* [Problem to work on]:
Would you write out every entry exactly, but without the pictures?

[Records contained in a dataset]
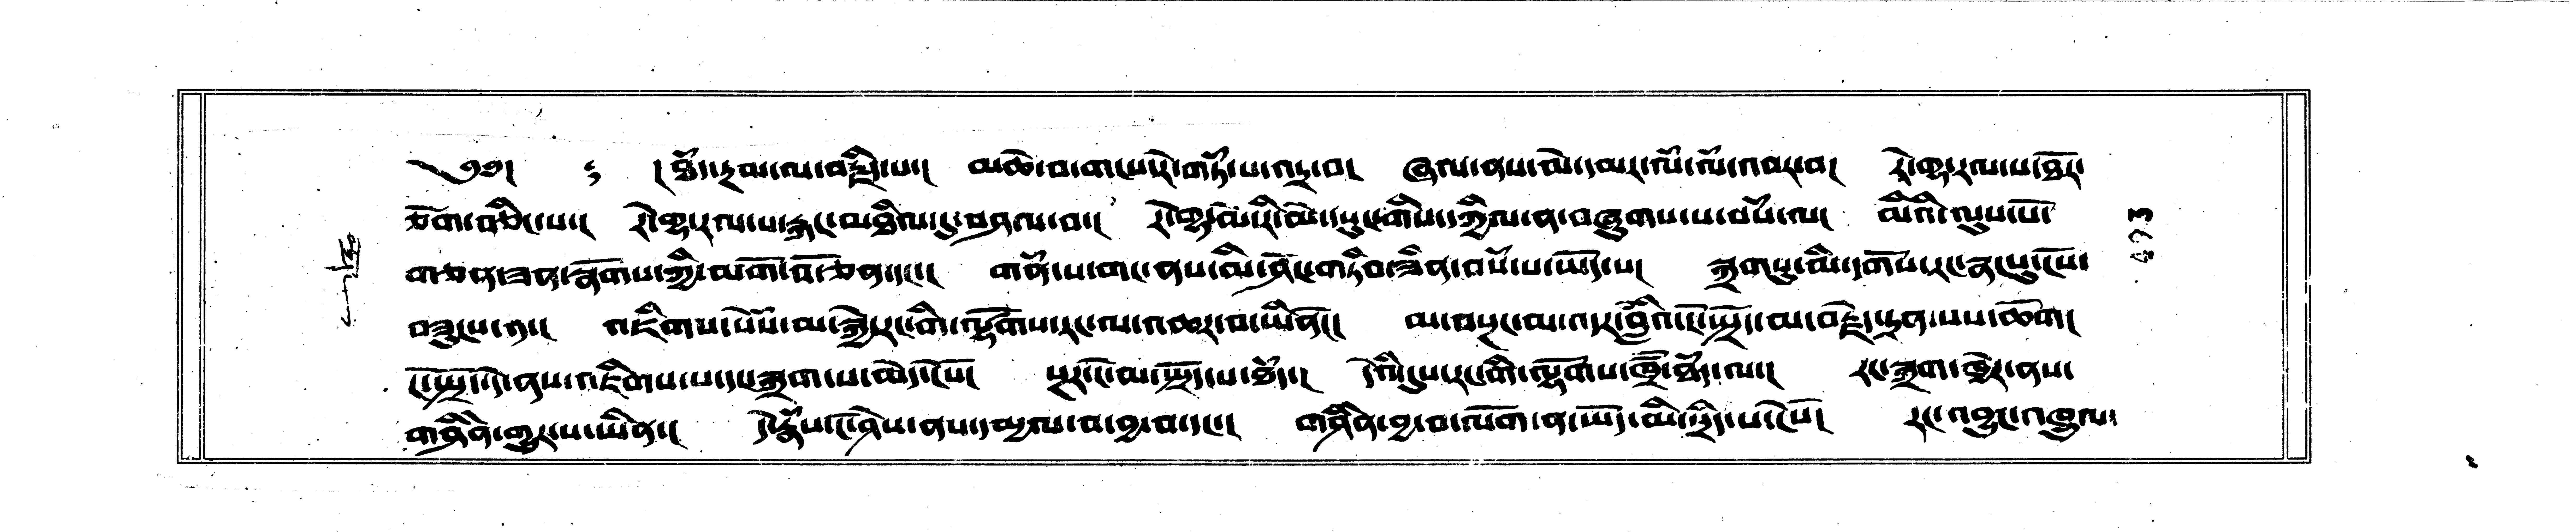ཐམས་ཅད་རྔམ་ལ་བརྗིད་པ། མཆེ་བ་གངས་རི་གཏམ་པ་འདྲ་བ། ཞལ་ནས་མེ་བྷར་(འབར)ལམ་ལམ་འབར་བ། རེས་གྷས་རལ་པ་ཐོར་
གཅོགས་༼ཅོག༽བཅིང་པ། རེས་གྷས་(འགས)་རལ་པ་རྐང་བ་མཐིལ་དུ་གཤལ་བ། རེ་གྷས་(འགས)་མེ་རི་མེ་དཔུང་གིས་དཀྱིལ་ནས་བཞུགས་ཟིན་བསམ་པ། མིའི་ལུས་ལ་
གཅན་གཟན་སྣ་ཚོགས་ཀྱི་མགོ་བོ་ཅན་གྱིས། གནམ་ས་གང་ནས་མི་ཤོང་གཏིབ་ཟིན་བསམ་པ་ཡོད་པ་ལ། སྐྲག་ཏུ་མི་དགོས་རང་སྣང་དུ་ངོས་
ཟུང་ཅིག འཇིགས་སེམས་མ་སྐྱེ་རང་གིས་ལྷ་ཚོགས་རང་ལ་འཆར་བ་ཡིན་ནོ། མ་སྔང་མ་འདར་བླ་མའི་ངོ་སྤྲོད་མ་བརྗེད་དྲན་པས་ཆོག་གོ། 
ངོ་སྤྲོད་དེ་དྲན་ན་འཇིགས་པ་དང་སྐྲགས་པ་མེད་ངེས་སོ། སྔར་ངོ་མ་སྤྲད་པ་ཐམས་ཅད། དེ་དུས་རང་གིས་ལྷ་ཚོགས་ཁྲོ་བོ་ཁྲོ་མོ་ཐམས་ཅད་ལ་རང་སྐྲགས་ཁྱེར་ནས་
གཤིན་རྗེར་གྱུར་པ་ཡིན། དེ་རྣམས་ངོ་ཤེས་ན་དམྱལ་བ་བྱ་བ་དང་གཤིན་རྗེ་བྱ་བ་ལོགས་ན་མེད་དོ་མི་སྲིད་པ་ངེས་སོ། རང་སྣང་འཁྲུལ་

* [Result]:
ཐམས་ཅད་རྔམ་ལ་བརྗིད་པ། མཆེ་བ་གངས་རི་གཏམ་པ་འདྲ་བ། ཞལ་ནས་མེ་བྷར་(འབར)ལམ་ལམ་འབར་བ། རེས་གྷས་རལ་པ་ཐོར་
གཅོགས་༼ཅོག༽བཅིང་པ། རེས་གྷས་(འགས)་རལ་པ་རྐང་བ་མཐིལ་དུ་གཤལ་བ། རེ་གྷས་(འགས)་མེ་རི་མེ་དཔུང་གིས་དཀྱིལ་ནས་བཞུགས་ཟིན་བསམ་པ། མིའི་ལུས་ལ་
གཅན་གཟན་སྣ་ཚོགས་ཀྱི་མགོ་བོ་ཅན་གྱིས། གནམ་ས་གང་ནས་མི་ཤོང་གཏིབ་ཟིན་བསམ་པ་ཡོད་པ་ལ། སྐྲག་ཏུ་མི་དགོས་རང་སྣང་དུ་ངོས་
ཟུང་ཅིག འཇིགས་སེམས་མ་སྐྱེ་རང་གིས་ལྷ་ཚོགས་རང་ལ་འཆར་བ་ཡིན་ནོ། མ་སྔང་མ་འདར་བླ་མའི་ངོ་སྤྲོད་མ་བརྗེད་དྲན་པས་ཆོག་གོ། 
ངོ་སྤྲོད་དེ་དྲན་ན་འཇིགས་པ་དང་སྐྲགས་པ་མེད་ངེས་སོ། སྔར་ངོ་མ་སྤྲད་པ་ཐམས་ཅད། དེ་དུས་རང་གིས་ལྷ་ཚོགས་ཁྲོ་བོ་ཁྲོ་མོ་ཐམས་ཅད་ལ་རང་སྐྲགས་ཁྱེར་ནས་
གཤིན་རྗེར་གྱུར་པ་ཡིན། དེ་རྣམས་ངོ་ཤེས་ན་དམྱལ་བ་བྱ་བ་དང་གཤིན་རྗེ་བྱ་བ་ལོགས་ན་མེད་དོ་མི་སྲིད་པ་ངེས་སོ། རང་སྣང་འཁྲུལ་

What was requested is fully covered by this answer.